What is the only book whose circulation can compete with The Bible? It is, of course, Quotations From Chairman Mao, also known as the Little Red Book. These days, sadly, much like the Word of God, Mao’s popular text ain’t nearly as read as it used to be. But boy, did it use to be.
Publishing history began at the 1959 Lushan Conference, which saw Defense Minister and Great Leap Forward critic Peng Dehuai purged, and Lin Biao ascend to the role of Mao’s heir apparent. Lin preached that “Mao Zedong Thought is the pinnacle of Marxism-Leninism” and a “shortcut to learning Marxism-Leninism”. Soon after began the mass fervor of learning and adopting Mao Zedong Thought across China.
The first edition of Quotations was compiled by the Liberation Army Daily, who picked 25 subjects and 267 sayings from Mao’s articles and speeches.
“Once grasped by all common Chinese people, Mao’s thought will be a powerful atomic bomb,” wrote Lin in the book. The learning frenzy that would lead to Mao’s personality cult thus began in the PLA, but soon spread to every household. Over the next three years, books on Marxist-Leninism made way for Mao to ensure “99 percent of Chinese carefully study Chairman Mao’s sayings.”
To make it convenient to learn them anytime, anyplace, the quotations were adapted to a size suitable for most pockets. By 1966, about 300 mainland publishers were printing the book, to ensure that every Chinese had a copy to hand. To print more than 5 billion copies, it is estimated that 650,000 tons of paper was used, more than the total amount (593,400 tons) for all other books printed in China from 1950 to 1965. By early 1967, Quotations had been published in 117 countries around the world, with an inscription for the international version by Lin: “Proletariat around the world, unite.”

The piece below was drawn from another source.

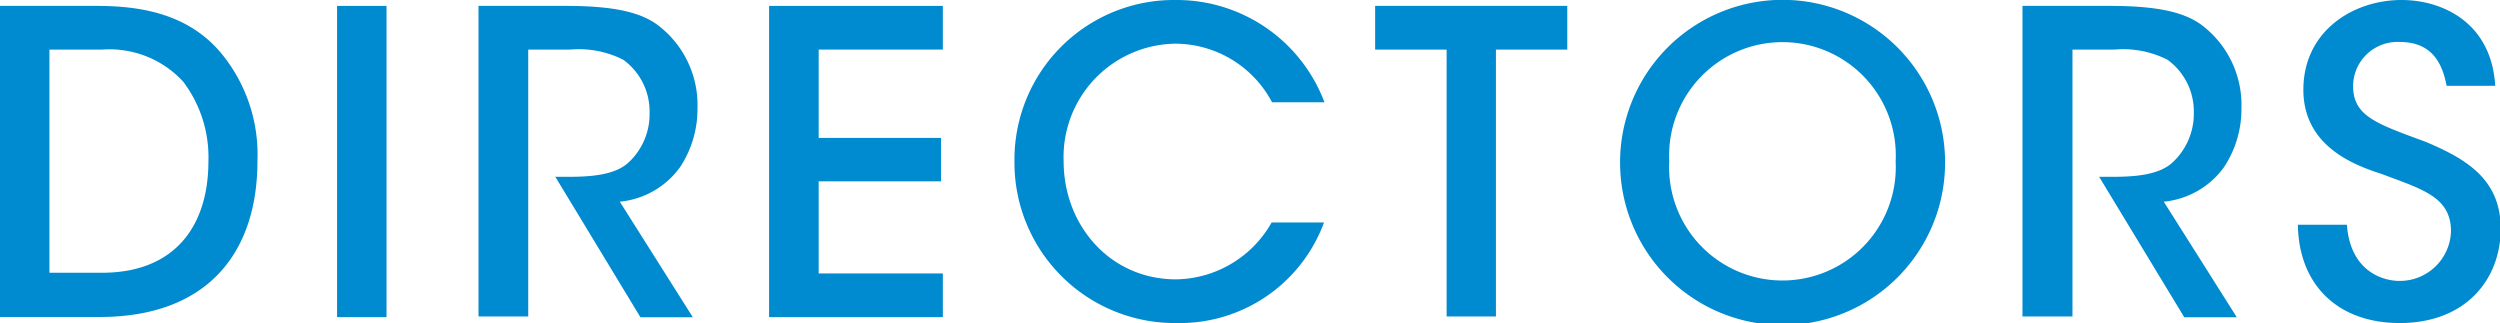 <svg id="レイヤー_1" data-name="レイヤー 1" xmlns="http://www.w3.org/2000/svg" width="178" height="23" viewBox="0 0 178 23"><defs><style>.cls-1{fill:#008acf;}</style></defs><path class="cls-1" d="M0,.42H6.84C9.79.42,13.47.87,15.92,4a11.34,11.34,0,0,1,2.41,7.46c0,6.47-3.49,11.11-11.25,11.11H0Zm3.52,19H7.26c5.19,0,7.58-3.33,7.58-7.94a8.93,8.93,0,0,0-1.79-5.66A7.13,7.13,0,0,0,7.29,3.53H3.52Z"/><path class="cls-1" d="M24,.42h3.52V22.58H24Z"/><path class="cls-1" d="M34.07.42h6.24c3.47,0,5.26.48,6.42,1.29a7.12,7.12,0,0,1,2.93,6,7.47,7.47,0,0,1-1.26,4.22,6,6,0,0,1-4.27,2.43l5.2,8.23H45.6l-6.06-10h.77c1.52,0,3.38-.06,4.42-1A4.7,4.7,0,0,0,46.25,8a4.54,4.54,0,0,0-1.88-3.75,7,7,0,0,0-3.76-.72h-3v19H34.07Z"/><path class="cls-1" d="M54.76.42H67.13V3.53H58.29V9.82H67v3.09H58.29v6.56h8.84v3.11H54.76Z"/><path class="cls-1" d="M94.27,15.84A10.94,10.94,0,0,1,83.79,23,11.42,11.42,0,0,1,72.23,11.47,11.36,11.36,0,0,1,83.76,0,11.24,11.24,0,0,1,94.3,7.28H90.57a7.82,7.82,0,0,0-6.84-4.17,8.07,8.07,0,0,0-8,8.36c0,4.61,3.34,8.42,8,8.42a7.94,7.94,0,0,0,6.81-4.05Z"/><path class="cls-1" d="M103,3.53H97.91V.42h13.68V3.53h-5.08v19H103Z"/><path class="cls-1" d="M115.35,11.62a11.57,11.57,0,0,1,23.14-.12,11.57,11.57,0,0,1-23.14.15Zm3.5-.12a8.07,8.07,0,1,0,16.12,0,8.07,8.07,0,1,0-16.12-.06Z"/><path class="cls-1" d="M144,.42h6.24c3.46,0,5.26.48,6.42,1.29a7.12,7.12,0,0,1,2.93,6,7.47,7.47,0,0,1-1.26,4.22,6,6,0,0,1-4.27,2.43l5.2,8.23h-3.74l-6.06-10h.78c1.52,0,3.37-.06,4.42-1A4.73,4.73,0,0,0,156.2,8a4.54,4.54,0,0,0-1.88-3.75,7,7,0,0,0-3.76-.72h-3v19H144Z"/><path class="cls-1" d="M167.1,16c.24,3.33,2.57,4,3.73,4a3.64,3.64,0,0,0,3.68-3.54c0-2.45-2.09-3-4.93-4.07-1.73-.57-5.58-1.86-5.58-6S167.49,0,171,0c2.84,0,6.39,1.56,6.66,6.11h-3.46c-.24-1.2-.78-3.12-3.32-3.12a3.16,3.16,0,0,0-3.34,3.12c0,2.16,1.64,2.69,5.2,4,2.74,1.17,5.31,2.58,5.31,6.17S175.58,23,170.86,23c-4.39,0-7.19-2.7-7.25-7Z"/></svg>

Sayings such as “Political power grows out of the barrel of a gun”, “Serve the People”, “We must liberate Taiwan” and “Women hold up half the sky” began to be quoted in newspapers around the world – back in China, they spread to books, stamps, trains, planes and military automobiles, even temples.
Before mealtimes, families would hold a small ceremony, facing Mao’s image, holding the book over their heads and reciting together loudly “Our reddest sun, our most respected great leader, Chairman Mao, live forever, forever, forever!”
This zealous worship stopped abruptly with the downfall of the Gang of Four in 1976. The propaganda department stopped publishing the Quotations, even describing it as a “noxious book that the ambitious Lin Biao has used to acheive his political goals.”
Yet the book remains popular among the nostalgic, and pirate copies are readily available at tourist sites everywhere. Late last year in December, a new edition of the text was published to commemorate the 120th anniversary of Mao’s birth.
Chen Yu, chief editor and PLA academic researcher, says the forthcoming publication has no political motive. “The Party’s official comment on Mao will never change once the slogan ‘Long live the unbeatable Mao Zedong Thought’ is on Xinhua Men at Zhongnanhai, and Mao’s photo still hangs in Tiananmen,” said Chen.